Laura Bohannan’s anthropological novel Return to Laughter, originally written under the pen-name of Elenore Smith Bowen, is one of my favorite books to discuss the institutionalization of fieldwork as the core of US professional anthropology in the 1940s and 1950s. Bohannan’s novel reveals how fieldwork could and should have been the fulfillment of the Boasian concept of culture. Yet fieldwork, and especially the resulting ethnographic monograph as the ticket to a doctoral degree, becomes one of the most potent ways that culture becomes reified. Culture becomes homogeneous, static, and ahistorical, cut off from the global flows that made fieldwork possible in the first place.
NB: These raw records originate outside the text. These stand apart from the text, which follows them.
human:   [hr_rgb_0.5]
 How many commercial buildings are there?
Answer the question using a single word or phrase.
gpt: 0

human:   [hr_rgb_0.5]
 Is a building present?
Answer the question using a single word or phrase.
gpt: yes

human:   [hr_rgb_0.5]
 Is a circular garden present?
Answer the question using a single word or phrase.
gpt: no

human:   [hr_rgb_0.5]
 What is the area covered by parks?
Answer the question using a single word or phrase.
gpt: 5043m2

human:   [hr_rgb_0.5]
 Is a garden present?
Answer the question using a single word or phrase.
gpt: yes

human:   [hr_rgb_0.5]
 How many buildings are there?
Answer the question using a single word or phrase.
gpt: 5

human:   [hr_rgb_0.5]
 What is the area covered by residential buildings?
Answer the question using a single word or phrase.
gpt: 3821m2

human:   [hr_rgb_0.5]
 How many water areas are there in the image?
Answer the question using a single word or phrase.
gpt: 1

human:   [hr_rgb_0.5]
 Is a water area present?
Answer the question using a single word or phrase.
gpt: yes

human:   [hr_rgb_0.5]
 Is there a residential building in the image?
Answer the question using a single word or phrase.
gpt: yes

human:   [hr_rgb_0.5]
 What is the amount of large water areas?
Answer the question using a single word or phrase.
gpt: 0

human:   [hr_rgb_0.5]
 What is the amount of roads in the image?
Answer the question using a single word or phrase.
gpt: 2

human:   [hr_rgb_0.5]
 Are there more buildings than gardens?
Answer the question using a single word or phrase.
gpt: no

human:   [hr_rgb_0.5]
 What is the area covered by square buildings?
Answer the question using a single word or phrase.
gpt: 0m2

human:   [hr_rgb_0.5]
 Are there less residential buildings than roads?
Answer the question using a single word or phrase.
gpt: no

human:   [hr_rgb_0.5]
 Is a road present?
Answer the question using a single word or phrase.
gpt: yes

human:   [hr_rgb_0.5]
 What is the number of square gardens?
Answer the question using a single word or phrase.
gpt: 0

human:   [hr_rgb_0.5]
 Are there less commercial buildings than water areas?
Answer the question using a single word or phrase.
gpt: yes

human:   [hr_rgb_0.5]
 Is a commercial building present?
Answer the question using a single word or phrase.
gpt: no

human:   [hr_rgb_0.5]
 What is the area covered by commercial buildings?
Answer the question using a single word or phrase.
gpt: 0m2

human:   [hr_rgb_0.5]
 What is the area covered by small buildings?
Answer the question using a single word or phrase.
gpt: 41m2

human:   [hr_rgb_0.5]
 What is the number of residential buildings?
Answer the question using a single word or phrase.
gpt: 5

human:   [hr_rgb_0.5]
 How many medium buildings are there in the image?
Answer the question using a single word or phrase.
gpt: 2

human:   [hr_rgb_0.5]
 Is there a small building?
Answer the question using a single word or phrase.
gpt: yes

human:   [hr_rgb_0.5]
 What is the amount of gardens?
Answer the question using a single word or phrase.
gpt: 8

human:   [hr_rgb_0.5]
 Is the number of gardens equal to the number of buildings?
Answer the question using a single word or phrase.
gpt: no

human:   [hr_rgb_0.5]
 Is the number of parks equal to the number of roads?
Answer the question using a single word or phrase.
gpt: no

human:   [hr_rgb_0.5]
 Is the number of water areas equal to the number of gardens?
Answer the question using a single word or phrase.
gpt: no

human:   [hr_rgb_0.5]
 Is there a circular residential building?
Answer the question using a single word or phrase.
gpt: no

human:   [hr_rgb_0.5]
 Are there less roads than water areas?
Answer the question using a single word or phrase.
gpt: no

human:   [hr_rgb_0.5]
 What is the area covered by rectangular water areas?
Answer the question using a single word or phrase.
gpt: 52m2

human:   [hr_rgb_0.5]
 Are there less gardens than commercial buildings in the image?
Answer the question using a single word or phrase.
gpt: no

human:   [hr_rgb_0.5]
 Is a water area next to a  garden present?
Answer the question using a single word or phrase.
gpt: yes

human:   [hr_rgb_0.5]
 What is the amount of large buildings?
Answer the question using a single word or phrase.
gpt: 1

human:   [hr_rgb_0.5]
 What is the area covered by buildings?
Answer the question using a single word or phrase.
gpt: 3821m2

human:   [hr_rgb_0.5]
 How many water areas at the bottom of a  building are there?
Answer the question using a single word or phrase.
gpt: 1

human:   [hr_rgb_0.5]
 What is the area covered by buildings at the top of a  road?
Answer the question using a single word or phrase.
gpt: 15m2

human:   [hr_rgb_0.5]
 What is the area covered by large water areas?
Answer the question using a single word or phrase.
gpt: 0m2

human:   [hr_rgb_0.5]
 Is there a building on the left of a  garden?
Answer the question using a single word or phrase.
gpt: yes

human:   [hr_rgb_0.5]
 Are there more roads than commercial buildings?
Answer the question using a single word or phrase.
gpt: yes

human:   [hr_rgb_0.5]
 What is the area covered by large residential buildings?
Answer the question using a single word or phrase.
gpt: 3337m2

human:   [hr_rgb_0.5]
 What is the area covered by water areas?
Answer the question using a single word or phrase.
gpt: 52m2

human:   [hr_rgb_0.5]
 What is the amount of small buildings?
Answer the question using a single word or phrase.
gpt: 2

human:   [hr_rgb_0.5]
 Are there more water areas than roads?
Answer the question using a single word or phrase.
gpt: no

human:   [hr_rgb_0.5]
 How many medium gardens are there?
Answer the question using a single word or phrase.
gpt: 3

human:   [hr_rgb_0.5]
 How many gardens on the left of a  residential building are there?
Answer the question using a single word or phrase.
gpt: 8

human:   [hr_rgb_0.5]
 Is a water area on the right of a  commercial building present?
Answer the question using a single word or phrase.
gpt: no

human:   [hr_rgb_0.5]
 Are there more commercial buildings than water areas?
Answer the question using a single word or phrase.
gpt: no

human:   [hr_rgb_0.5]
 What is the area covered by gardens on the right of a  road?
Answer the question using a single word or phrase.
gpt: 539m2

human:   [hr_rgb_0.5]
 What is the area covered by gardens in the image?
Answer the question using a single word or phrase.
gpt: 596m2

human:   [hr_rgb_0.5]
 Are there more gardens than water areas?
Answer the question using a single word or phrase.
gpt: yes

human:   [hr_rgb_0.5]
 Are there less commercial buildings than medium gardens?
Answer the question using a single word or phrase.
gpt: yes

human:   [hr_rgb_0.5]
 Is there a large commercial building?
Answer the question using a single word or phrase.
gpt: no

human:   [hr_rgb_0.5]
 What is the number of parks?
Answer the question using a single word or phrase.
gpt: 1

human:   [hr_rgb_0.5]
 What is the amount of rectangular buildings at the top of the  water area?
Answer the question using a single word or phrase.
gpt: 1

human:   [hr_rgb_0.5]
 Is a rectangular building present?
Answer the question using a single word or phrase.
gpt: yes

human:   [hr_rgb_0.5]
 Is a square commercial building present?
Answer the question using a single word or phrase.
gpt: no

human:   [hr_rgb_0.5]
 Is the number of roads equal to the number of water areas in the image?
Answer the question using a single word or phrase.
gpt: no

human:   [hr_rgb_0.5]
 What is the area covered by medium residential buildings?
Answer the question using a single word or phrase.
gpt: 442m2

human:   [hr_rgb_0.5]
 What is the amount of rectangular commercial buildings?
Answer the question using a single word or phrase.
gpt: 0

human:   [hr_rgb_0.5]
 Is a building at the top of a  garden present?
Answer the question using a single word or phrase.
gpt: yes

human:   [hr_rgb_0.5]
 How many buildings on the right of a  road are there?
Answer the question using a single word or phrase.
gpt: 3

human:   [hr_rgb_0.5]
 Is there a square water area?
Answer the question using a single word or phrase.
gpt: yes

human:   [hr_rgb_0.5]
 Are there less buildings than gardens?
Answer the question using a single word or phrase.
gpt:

Fieldwork became a potent way in which 'culture' became static, homogeneous and ahistorical.Click To Tweet
Laura Bohannan’s account in Return to Laughter vividly lets us feel how anthropologists went from ideas about difference to truly experiencing and living that difference. Return to Laughter shows how even our most basic notions about time and space are not given in nature or geography, but are deeply patterned by human experience and learned behavior. On time:

Already time had taken on a more individualistic and yet more seasonable aspect than I had been used to. . . . The rains began when it began to rain; when it began to rain, people started to plant. One could say that a man had done his planting late, but not that the rains had come late. (1954:68-69)

On space and social distance:

There was no way, other than going myself, by which I could learn how many miles I was being asked to walk. One “not far” excursion put me to bed for a couple of days after a twenty-five mile round trip without food or water, whereafter I set out on a “far” journey equipped with lunch and water, only to find it less than four miles in all. At first I thought that their use of these words was incontrovertible evidence that they had no idea of distance. Then I figured out that “far” referred not only to space, but to time and social distance as well. (1954:52)

And, as might be expected from the author of Shakespeare in the Bush, very interesting insights on language and social meaning.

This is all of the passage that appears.